- **Instructions to follow**:
Present the count of lines in the entries below that hold "polygon", and present nothing else.

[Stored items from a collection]
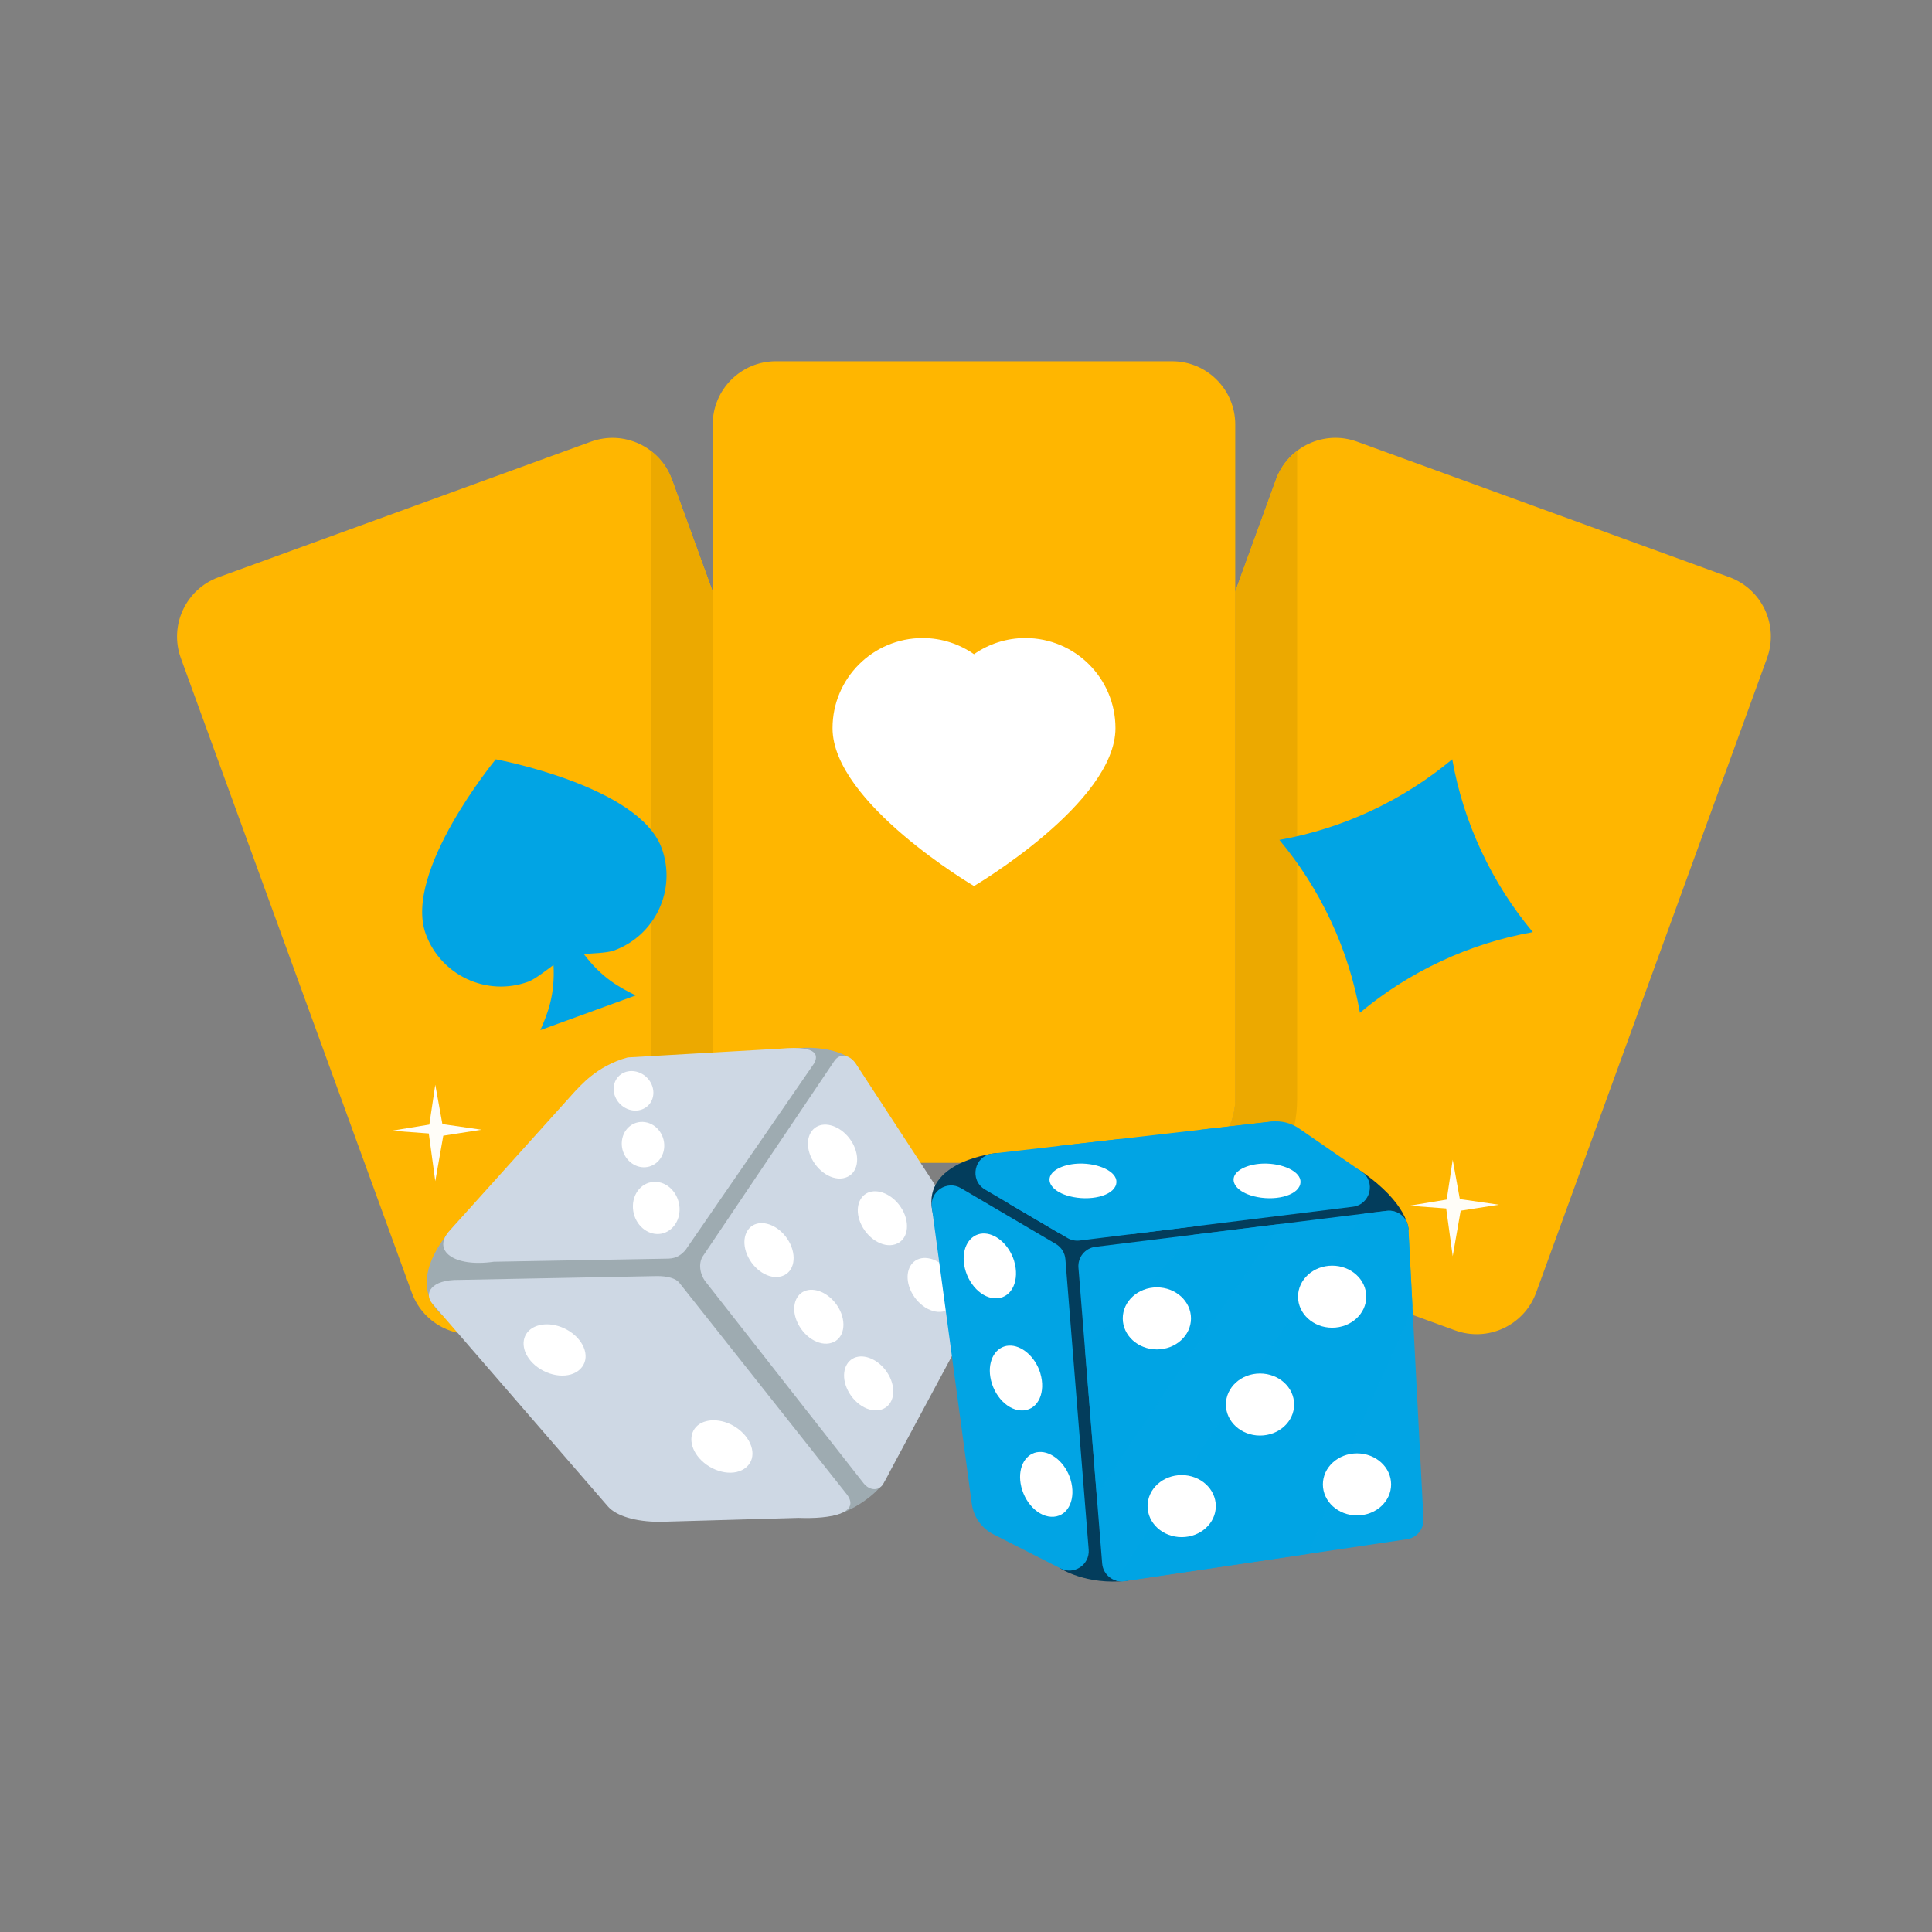 <?xml version="1.0" encoding="UTF-8"?>
<svg xmlns="http://www.w3.org/2000/svg" viewBox="0 0 500 500">
  <rect x="0" y="0" width="500" height="500" fill="#808080" stroke="none"/>
  <defs>
    <style>
      .cls-1 {
        fill: #eca900;
      }

      .cls-2 {
        isolation: isolate;
      }

      .cls-3 {
        fill: #ffb600;
      }

      .cls-4 {
        fill: #033d5c;
      }

      .cls-5 {
        fill: #fff;
      }

      .cls-6 {
        fill: #9eabb1;
      }

      .cls-7, .cls-8, .cls-9 {
        fill: #01a4e4;
      }

      .cls-7, .cls-9 {
        mix-blend-mode: screen;
      }

      .cls-10 {
        fill: #fffdf8;
      }

      .cls-11 {
        fill: #ced8e4;
      }

      .cls-9 {
        opacity: .75;
      }
    </style>
  </defs>
  <g class="cls-2">
    <g id="Layer_1" data-name="Layer 1">
      <g>
        <path class="cls-3" d="M200.81,300.94c-9.04,0-16.36-7.32-16.36-16.35v-131.49l-10.56-29.01c-3.09-8.5-12.48-12.87-20.97-9.78l-96.33,35.06c-8.49,3.09-12.87,12.47-9.78,20.97l59.76,164.2c3.09,8.49,12.48,12.87,20.97,9.77l96.32-35.06c4.19-1.52,7.36-4.58,9.14-8.31h-32.21Z"/>
        <path class="cls-3" d="M447.53,149.36l-96.32-35.06c-8.49-3.09-17.88,1.28-20.97,9.77l-10.56,29.02v131.49c0,9.03-7.32,16.35-16.36,16.35h-32.21c1.78,3.72,4.95,6.78,9.14,8.31l96.33,35.06c8.49,3.09,17.88-1.29,20.97-9.77l59.76-164.21c3.09-8.49-1.29-17.87-9.78-20.96Z"/>
        <g>
          <path class="cls-3" d="M200.8,93.49h102.52c9.03,0,16.36,7.33,16.36,16.36v174.74c0,9.03-7.33,16.36-16.36,16.36h-102.51c-9.03,0-16.36-7.33-16.36-16.36V109.84c0-9.03,7.33-16.35,16.35-16.35Z"/>
          <path class="cls-1" d="M335.7,284.59V116.7c-2.4,1.83-4.35,4.32-5.46,7.37l-10.56,29.02v131.49c0,9.03-7.32,16.35-16.36,16.35h-32.21c1.78,3.72,4.95,6.78,9.14,8.31l21.19,7.71h1.87c17.85,0,32.38-14.52,32.38-32.37Z"/>
          <path class="cls-1" d="M184.45,284.59v-131.49l-10.56-29.01c-1.11-3.05-3.06-5.55-5.46-7.38v167.89c0,17.85,14.52,32.37,32.38,32.37h1.87l21.19-7.71c4.19-1.52,7.36-4.58,9.14-8.31h-32.21c-9.04,0-16.36-7.32-16.36-16.35Z"/>
          <path class="cls-5" d="M265.36,165.13c-4.95,0-9.52,1.55-13.29,4.18-3.77-2.63-8.35-4.18-13.29-4.18-12.88,0-23.32,10.44-23.32,23.32,0,19.32,36.61,40.86,36.61,40.86,0,0,36.61-21.55,36.61-40.86,0-12.88-10.44-23.32-23.31-23.32Z"/>
        </g>
        <path class="cls-8" d="M171.23,219.48c-5.86-16.11-42.93-22.97-42.93-22.97,0,0-23.99,29.08-18.12,45.19,3.91,10.74,15.78,16.27,26.52,12.37,1.8-.65,5.07-3.27,6.55-4.33.4,7.74-1.46,12.43-3.4,16.85l24.67-8.98c-4.33-2.14-8.76-4.52-13.44-10.72,1.81-.14,6-.24,7.8-.89,10.74-3.91,16.28-15.78,12.36-26.52Z"/>
        <path class="cls-8" d="M331.1,217.37c8.02-1.44,15.99-3.91,23.72-7.52,7.73-3.61,14.75-8.12,21.02-13.35,1.42,8.03,3.9,16,7.51,23.73,3.6,7.73,8.12,14.75,13.34,21-8.03,1.43-15.99,3.91-23.73,7.52-7.73,3.6-14.76,8.12-21.01,13.34-1.43-8.03-3.9-15.99-7.51-23.73-3.61-7.73-8.13-14.75-13.35-21.01Z"/>
      </g>
      <g>
        <g>
          <path class="cls-6" d="M120.7,313.99s-18.25,15.96-6.1,26.52c.16.14,2.55.29,2.72.43,12.54,10.05,98.1,51.36,98.1,51.36,0,0,3.42-.69,7.24-3.17,6.1-3.94,8.32-7.94,8.71-13.59,1.4-20.07-1.34-64.46-2.77-85.07-.29-4.25-7.47-15.63-7.47-15.63-1.92-2.08-6.91-4-13.74-3.64-.13,0-.26.01-.39.02-25.14,1.66-76.15,36.9-86.32,42.78Z"/>
          <g>
            <path class="cls-11" d="M111.9,337.39l45.4,52.44c2.17,2.51,7.18,4.01,13.43,4.02l35.92-1.02c8.56.33,16.01-1.27,12.58-6l-43.44-54.87c-.88-1.11-3.07-1.75-5.88-1.71l-51.15.99c-7.23-.09-9.13,3.52-6.86,6.14Z"/>
            <path class="cls-11" d="M148.91,282.32l-32.52,36.14c-4.71,5.11.93,9.58,11.4,8.08l45.23-.81c2.25-.07,3.45-1.18,4.36-2.18l33.34-48.39c.81-1.58,1.71-4.69-8.7-3.78l-39.56,2.28c-8.18,2.19-12.56,7.75-13.55,8.67Z"/>
            <path class="cls-11" d="M255.71,333.52l-27.21,50.66c-1.2,1.73-3.48,1.59-4.99-.3l-40.89-52.16c-1.57-1.97-1.89-4.89-.72-6.62l34.05-50.56c1.35-2.01,3.9-1.67,5.53.73l33.98,52.04c1.28,1.88,1.38,4.57.24,6.22Z"/>
          </g>
          <g>
            <path class="cls-5" d="M204.16,321.25c2.15,3.78,1.44,7.98-1.81,9.02-3.28,1.05-7.41-1.65-9.05-5.67-1.48-3.64-.32-7.04,2.46-7.87,2.76-.82,6.44,1.08,8.39,4.52Z"/>
            <path class="cls-5" d="M220.6,295.76c2.15,3.78,1.44,7.97-1.81,9.02-3.28,1.05-7.41-1.65-9.05-5.67-1.48-3.64-.32-7.04,2.46-7.87,2.76-.82,6.44,1.08,8.39,4.52Z"/>
            <path class="cls-5" d="M217.05,338.5c2.15,3.78,1.44,7.98-1.81,9.02-3.28,1.05-7.41-1.65-9.05-5.67-1.48-3.64-.32-7.04,2.46-7.87,2.76-.82,6.44,1.08,8.39,4.52Z"/>
            <path class="cls-5" d="M233.5,313.01c2.15,3.78,1.44,7.98-1.81,9.02-3.28,1.05-7.41-1.65-9.05-5.67-1.48-3.64-.32-7.04,2.46-7.87,2.76-.82,6.44,1.08,8.39,4.52Z"/>
            <path class="cls-5" d="M229.95,355.76c2.15,3.78,1.44,7.97-1.81,9.02-3.28,1.05-7.41-1.65-9.05-5.67-1.48-3.64-.32-7.04,2.46-7.87,2.76-.82,6.44,1.08,8.39,4.52Z"/>
            <path class="cls-5" d="M246.39,330.27c2.15,3.78,1.44,7.97-1.81,9.02-3.28,1.05-7.41-1.65-9.05-5.67-1.48-3.64-.32-7.04,2.46-7.87,2.76-.82,6.44,1.08,8.39,4.52Z"/>
          </g>
          <path class="cls-5" d="M147.39,344.53c4.03,2.61,5.47,7.07,2.82,9.74-2.67,2.7-8.09,2.15-11.73-.94-3.3-2.81-3.89-6.72-1.6-8.95,2.28-2.21,6.85-2.22,10.51.15Z"/>
          <path class="cls-5" d="M191.02,369.79c3.84,2.88,4.97,7.43,2.14,9.91-2.85,2.51-8.22,1.59-11.64-1.75-3.1-3.03-3.42-6.97-.98-9.04,2.43-2.05,6.98-1.74,10.47.87Z"/>
          <g>
            <path class="cls-5" d="M163.89,313.44c-.62-3.88,1.77-7.38,5.33-7.57,3.51-.18,6.47,2.97,6.65,6.78.16,3.55-2.19,6.46-5.27,6.7-3.13.24-6.13-2.3-6.71-5.91Z"/>
            <path class="cls-5" d="M160.91,295.81c.08-3.38,2.81-5.9,6.05-5.4,3.19.49,5.35,3.7,4.89,6.95-.43,3.04-3.04,5.07-5.87,4.69-2.86-.38-5.15-3.09-5.07-6.25Z"/>
            <path class="cls-5" d="M158.82,281.46c.2-2.91,2.84-4.84,5.85-4.13,2.98.71,4.89,3.67,4.33,6.44-.52,2.59-3.04,4.1-5.67,3.53-2.66-.58-4.7-3.12-4.51-5.83Z"/>
          </g>
        </g>
        <g>
          <g>
            <path class="cls-4" d="M257.63,298.46s-17.63,1.89-16.53,13.57c.02.16.03.32.05.48,1.63,12.1,33.3,93.41,33.3,93.41,0,0,6.62,4.33,17.12,3.2s72.94-91.03,72.94-91.03c0,0-.18-6.63-12.15-14.9-11.97-8.27-94.73-4.73-94.73-4.73Z"/>
            <path class="cls-8" d="M241.16,312.5l10.34,76.69c.46,3.39,2.55,6.34,5.59,7.88l17.37,8.84c3.5,1.78,7.6-.96,7.29-4.88l-6.03-75.16c-.13-1.63-1.05-3.1-2.46-3.93l-24.57-14.45c-3.61-2.13-8.09.85-7.53,5Z"/>
            <path class="cls-8" d="M329.1,290.26l-72.2,8.28c-4.79.55-6.13,6.88-1.97,9.32l21.31,12.53c.95.56,2.07.79,3.16.66l70.71-8.74c4.58-.57,6.04-6.5,2.24-9.12l-16.16-11.15c-2.07-1.43-4.59-2.06-7.1-1.77Z"/>
            <path class="cls-7" d="M289.88,294.76l-16.1,1.85c-.7.96-1.39,1.92-2.09,2.87-3.19,4.32-6.81,8.24-10.68,11.96l12.83,7.55c5.41-8.03,10.82-16.06,16.04-24.22Z"/>
            <path class="cls-7" d="M329.99,290.24c-.29,0-.59-.01-.88.02l-18.88,2.17c-5.53,9.17-11.39,18.1-17.34,26.96l16.62-2.05c6.37-9.29,14.13-17.72,20.49-27.1Z"/>
            <path class="cls-8" d="M364.13,398.35l-73.14,10.85c-2.88.43-5.51-1.67-5.75-4.57l-6.14-76.56c-.22-2.68,1.72-5.06,4.39-5.39l75.38-9.32c2.89-.36,5.48,1.81,5.63,4.73l3.9,75.03c.13,2.59-1.72,4.85-4.28,5.23Z"/>
            <path class="cls-9" d="M331.58,316.74l-22.69,2.81c-7.55,7.81-14.53,16.32-22.29,23.84-1.92,1.86-3.88,3.67-5.83,5.48l3.06,38.15c15.41-23.72,31.44-47.21,47.75-70.28Z"/>
            <path class="cls-9" d="M352.8,367.23c4.21-9.68,9.1-19.22,12.75-29.15l-1.04-19.98c-.15-2.91-2.74-5.08-5.63-4.73l-5.78.71c-22.14,30.97-43.87,62.79-64.35,94.94.7.22,1.46.3,2.24.19l47.64-7.07c4.73-11.63,9.15-23.38,14.17-34.91Z"/>
          </g>
          <path class="cls-5" d="M308.23,341.2c0,4.43-3.95,8.03-8.83,8.03s-8.83-3.59-8.83-8.03,3.95-8.03,8.83-8.03,8.83,3.6,8.83,8.03Z"/>
          <path class="cls-5" d="M262.47,326.41c1.42,4.76-.44,9.25-4.32,9.58-3.92.33-7.83-3.74-8.62-8.63-.72-4.44,1.45-7.92,4.76-8.13,3.28-.21,6.89,2.85,8.19,7.18Z"/>
          <path class="cls-5" d="M280.26,301.14c4.92.17,9.32,2.48,8.6,5.33-.79,3.12-6.88,4.46-12.08,3.11-4.08-1.06-5.92-3.44-4.89-5.4.96-1.84,4.41-3.17,8.38-3.04Z"/>
          <path class="cls-5" d="M327.9,301.14c4.92.17,9.32,2.48,8.6,5.33-.79,3.12-6.88,4.46-12.08,3.11-4.08-1.06-5.92-3.44-4.89-5.4.96-1.84,4.41-3.17,8.38-3.04Z"/>
          <path class="cls-5" d="M269.24,355.43c1.42,4.76-.44,9.25-4.32,9.58-3.92.33-7.83-3.74-8.62-8.63-.72-4.44,1.45-7.92,4.76-8.13,3.28-.21,6.89,2.85,8.19,7.18Z"/>
          <path class="cls-5" d="M277.07,382.96c1.42,4.76-.44,9.25-4.32,9.57-3.92.33-7.83-3.74-8.62-8.63-.72-4.44,1.45-7.92,4.76-8.13,3.28-.21,6.89,2.85,8.19,7.18Z"/>
          <path class="cls-5" d="M353.59,335.58c0,4.43-3.95,8.03-8.83,8.03s-8.83-3.6-8.83-8.03,3.95-8.03,8.83-8.03,8.83,3.59,8.83,8.03Z"/>
          <path class="cls-5" d="M314.65,389.78c0,4.43-3.95,8.03-8.83,8.03s-8.83-3.59-8.83-8.03,3.95-8.03,8.83-8.03,8.83,3.6,8.83,8.03Z"/>
          <path class="cls-5" d="M360.02,384.16c0,4.43-3.95,8.03-8.83,8.03s-8.83-3.6-8.83-8.03,3.95-8.03,8.83-8.03,8.83,3.59,8.83,8.03Z"/>
          <path class="cls-5" d="M334.92,363.49c0,4.43-3.95,8.03-8.83,8.03s-8.83-3.59-8.83-8.03,3.95-8.03,8.83-8.03,8.83,3.59,8.83,8.03Z"/>
        </g>
      </g>
      <polygon class="cls-10" points="112.65 280.73 111.11 291.04 101.4 292.63 110.97 293.34 112.65 305.69 114.72 293.92 124.61 292.37 114.49 290.91 112.65 280.73"/>
      <polygon class="cls-10" points="375.96 300.14 374.41 310.45 364.71 312.04 374.27 312.75 375.96 325.1 378.02 313.33 387.92 311.78 377.8 310.32 375.96 300.14"/>
    </g>
  </g>
</svg>

- **Answer to this exercise**:
2